Work item: Please give the data again in full, exactly as provided.

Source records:
= Beginning of Section =

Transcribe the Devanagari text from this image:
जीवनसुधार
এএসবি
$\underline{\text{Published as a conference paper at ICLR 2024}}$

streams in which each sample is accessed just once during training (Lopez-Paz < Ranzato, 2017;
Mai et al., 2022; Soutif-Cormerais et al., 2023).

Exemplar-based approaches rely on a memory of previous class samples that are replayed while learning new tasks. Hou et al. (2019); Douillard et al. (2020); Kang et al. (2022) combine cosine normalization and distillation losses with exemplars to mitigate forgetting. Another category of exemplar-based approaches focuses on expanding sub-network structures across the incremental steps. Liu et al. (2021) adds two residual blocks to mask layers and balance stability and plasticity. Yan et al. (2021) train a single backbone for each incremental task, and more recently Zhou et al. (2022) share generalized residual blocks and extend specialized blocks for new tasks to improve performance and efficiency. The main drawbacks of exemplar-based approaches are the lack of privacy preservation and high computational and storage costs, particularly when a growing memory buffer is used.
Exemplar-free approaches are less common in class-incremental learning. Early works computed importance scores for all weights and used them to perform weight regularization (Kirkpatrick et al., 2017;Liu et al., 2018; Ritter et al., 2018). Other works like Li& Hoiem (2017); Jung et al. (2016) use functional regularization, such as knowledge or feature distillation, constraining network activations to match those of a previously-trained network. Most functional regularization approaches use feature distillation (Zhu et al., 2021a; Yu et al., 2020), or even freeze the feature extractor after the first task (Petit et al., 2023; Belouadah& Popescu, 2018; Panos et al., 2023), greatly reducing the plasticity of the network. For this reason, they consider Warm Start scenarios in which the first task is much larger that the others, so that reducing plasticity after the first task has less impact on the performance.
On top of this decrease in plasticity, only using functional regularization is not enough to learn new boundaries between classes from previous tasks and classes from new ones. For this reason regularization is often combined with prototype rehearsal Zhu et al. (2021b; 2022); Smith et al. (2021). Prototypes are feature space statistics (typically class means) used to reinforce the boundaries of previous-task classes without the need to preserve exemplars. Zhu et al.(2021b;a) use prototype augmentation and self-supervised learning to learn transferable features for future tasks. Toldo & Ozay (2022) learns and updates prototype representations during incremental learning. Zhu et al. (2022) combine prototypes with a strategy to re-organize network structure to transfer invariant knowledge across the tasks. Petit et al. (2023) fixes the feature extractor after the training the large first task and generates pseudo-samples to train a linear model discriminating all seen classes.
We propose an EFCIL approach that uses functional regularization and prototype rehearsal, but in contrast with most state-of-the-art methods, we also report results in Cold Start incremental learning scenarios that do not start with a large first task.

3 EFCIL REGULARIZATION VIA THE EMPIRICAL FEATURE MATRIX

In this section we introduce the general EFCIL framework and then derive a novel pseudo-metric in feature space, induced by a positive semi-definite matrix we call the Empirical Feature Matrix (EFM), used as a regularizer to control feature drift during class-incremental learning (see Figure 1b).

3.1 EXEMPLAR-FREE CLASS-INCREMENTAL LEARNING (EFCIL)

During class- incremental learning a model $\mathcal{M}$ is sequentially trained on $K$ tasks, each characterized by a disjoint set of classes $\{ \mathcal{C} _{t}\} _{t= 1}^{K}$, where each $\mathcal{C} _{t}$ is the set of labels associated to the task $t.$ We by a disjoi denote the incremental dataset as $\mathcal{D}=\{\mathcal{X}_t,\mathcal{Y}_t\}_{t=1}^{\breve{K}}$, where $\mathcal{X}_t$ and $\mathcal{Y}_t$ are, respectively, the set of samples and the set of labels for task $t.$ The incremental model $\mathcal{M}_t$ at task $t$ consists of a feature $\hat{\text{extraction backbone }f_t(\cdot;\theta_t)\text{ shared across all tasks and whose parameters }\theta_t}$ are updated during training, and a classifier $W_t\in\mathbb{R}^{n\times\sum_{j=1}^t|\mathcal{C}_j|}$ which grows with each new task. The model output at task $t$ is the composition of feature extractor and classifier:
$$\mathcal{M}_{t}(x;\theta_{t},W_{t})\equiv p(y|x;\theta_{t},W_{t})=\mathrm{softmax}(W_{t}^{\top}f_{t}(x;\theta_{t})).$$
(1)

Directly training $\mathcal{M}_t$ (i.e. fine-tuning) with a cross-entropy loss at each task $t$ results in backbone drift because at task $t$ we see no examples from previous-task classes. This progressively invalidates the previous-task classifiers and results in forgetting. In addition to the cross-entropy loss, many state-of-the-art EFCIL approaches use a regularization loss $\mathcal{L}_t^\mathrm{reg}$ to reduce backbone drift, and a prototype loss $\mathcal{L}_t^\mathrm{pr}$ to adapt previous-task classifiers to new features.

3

= End of Section =

Finished task:
Transcribe the Devanagari text from this image:
जीवनसुधार
এএসবি
$\underline{\text{Published as a conference paper at ICLR 2024}}$

streams in which each sample is accessed just once during training (Lopez-Paz < Ranzato, 2017;
Mai et al., 2022; Soutif-Cormerais et al., 2023).

Exemplar-based approaches rely on a memory of previous class samples that are replayed while learning new tasks. Hou et al. (2019); Douillard et al. (2020); Kang et al. (2022) combine cosine normalization and distillation losses with exemplars to mitigate forgetting. Another category of exemplar-based approaches focuses on expanding sub-network structures across the incremental steps. Liu et al. (2021) adds two residual blocks to mask layers and balance stability and plasticity. Yan et al. (2021) train a single backbone for each incremental task, and more recently Zhou et al. (2022) share generalized residual blocks and extend specialized blocks for new tasks to improve performance and efficiency. The main drawbacks of exemplar-based approaches are the lack of privacy preservation and high computational and storage costs, particularly when a growing memory buffer is used.
Exemplar-free approaches are less common in class-incremental learning. Early works computed importance scores for all weights and used them to perform weight regularization (Kirkpatrick et al., 2017;Liu et al., 2018; Ritter et al., 2018). Other works like Li& Hoiem (2017); Jung et al. (2016) use functional regularization, such as knowledge or feature distillation, constraining network activations to match those of a previously-trained network. Most functional regularization approaches use feature distillation (Zhu et al., 2021a; Yu et al., 2020), or even freeze the feature extractor after the first task (Petit et al., 2023; Belouadah& Popescu, 2018; Panos et al., 2023), greatly reducing the plasticity of the network. For this reason, they consider Warm Start scenarios in which the first task is much larger that the others, so that reducing plasticity after the first task has less impact on the performance.
On top of this decrease in plasticity, only using functional regularization is not enough to learn new boundaries between classes from previous tasks and classes from new ones. For this reason regularization is often combined with prototype rehearsal Zhu et al. (2021b; 2022); Smith et al. (2021). Prototypes are feature space statistics (typically class means) used to reinforce the boundaries of previous-task classes without the need to preserve exemplars. Zhu et al.(2021b;a) use prototype augmentation and self-supervised learning to learn transferable features for future tasks. Toldo & Ozay (2022) learns and updates prototype representations during incremental learning. Zhu et al. (2022) combine prototypes with a strategy to re-organize network structure to transfer invariant knowledge across the tasks. Petit et al. (2023) fixes the feature extractor after the training the large first task and generates pseudo-samples to train a linear model discriminating all seen classes.
We propose an EFCIL approach that uses functional regularization and prototype rehearsal, but in contrast with most state-of-the-art methods, we also report results in Cold Start incremental learning scenarios that do not start with a large first task.

3 EFCIL REGULARIZATION VIA THE EMPIRICAL FEATURE MATRIX

In this section we introduce the general EFCIL framework and then derive a novel pseudo-metric in feature space, induced by a positive semi-definite matrix we call the Empirical Feature Matrix (EFM), used as a regularizer to control feature drift during class-incremental learning (see Figure 1b).

3.1 EXEMPLAR-FREE CLASS-INCREMENTAL LEARNING (EFCIL)

During class- incremental learning a model $\mathcal{M}$ is sequentially trained on $K$ tasks, each characterized by a disjoint set of classes $\{ \mathcal{C} _{t}\} _{t= 1}^{K}$, where each $\mathcal{C} _{t}$ is the set of labels associated to the task $t.$ We by a disjoi denote the incremental dataset as $\mathcal{D}=\{\mathcal{X}_t,\mathcal{Y}_t\}_{t=1}^{\breve{K}}$, where $\mathcal{X}_t$ and $\mathcal{Y}_t$ are, respectively, the set of samples and the set of labels for task $t.$ The incremental model $\mathcal{M}_t$ at task $t$ consists of a feature $\hat{\text{extraction backbone }f_t(\cdot;\theta_t)\text{ shared across all tasks and whose parameters }\theta_t}$ are updated during training, and a classifier $W_t\in\mathbb{R}^{n\times\sum_{j=1}^t|\mathcal{C}_j|}$ which grows with each new task. The model output at task $t$ is the composition of feature extractor and classifier:
$$\mathcal{M}_{t}(x;\theta_{t},W_{t})\equiv p(y|x;\theta_{t},W_{t})=\mathrm{softmax}(W_{t}^{\top}f_{t}(x;\theta_{t})).$$
(1)

Directly training $\mathcal{M}_t$ (i.e. fine-tuning) with a cross-entropy loss at each task $t$ results in backbone drift because at task $t$ we see no examples from previous-task classes. This progressively invalidates the previous-task classifiers and results in forgetting. In addition to the cross-entropy loss, many state-of-the-art EFCIL approaches use a regularization loss $\mathcal{L}_t^\mathrm{reg}$ to reduce backbone drift, and a prototype loss $\mathcal{L}_t^\mathrm{pr}$ to adapt previous-task classifiers to new features.

3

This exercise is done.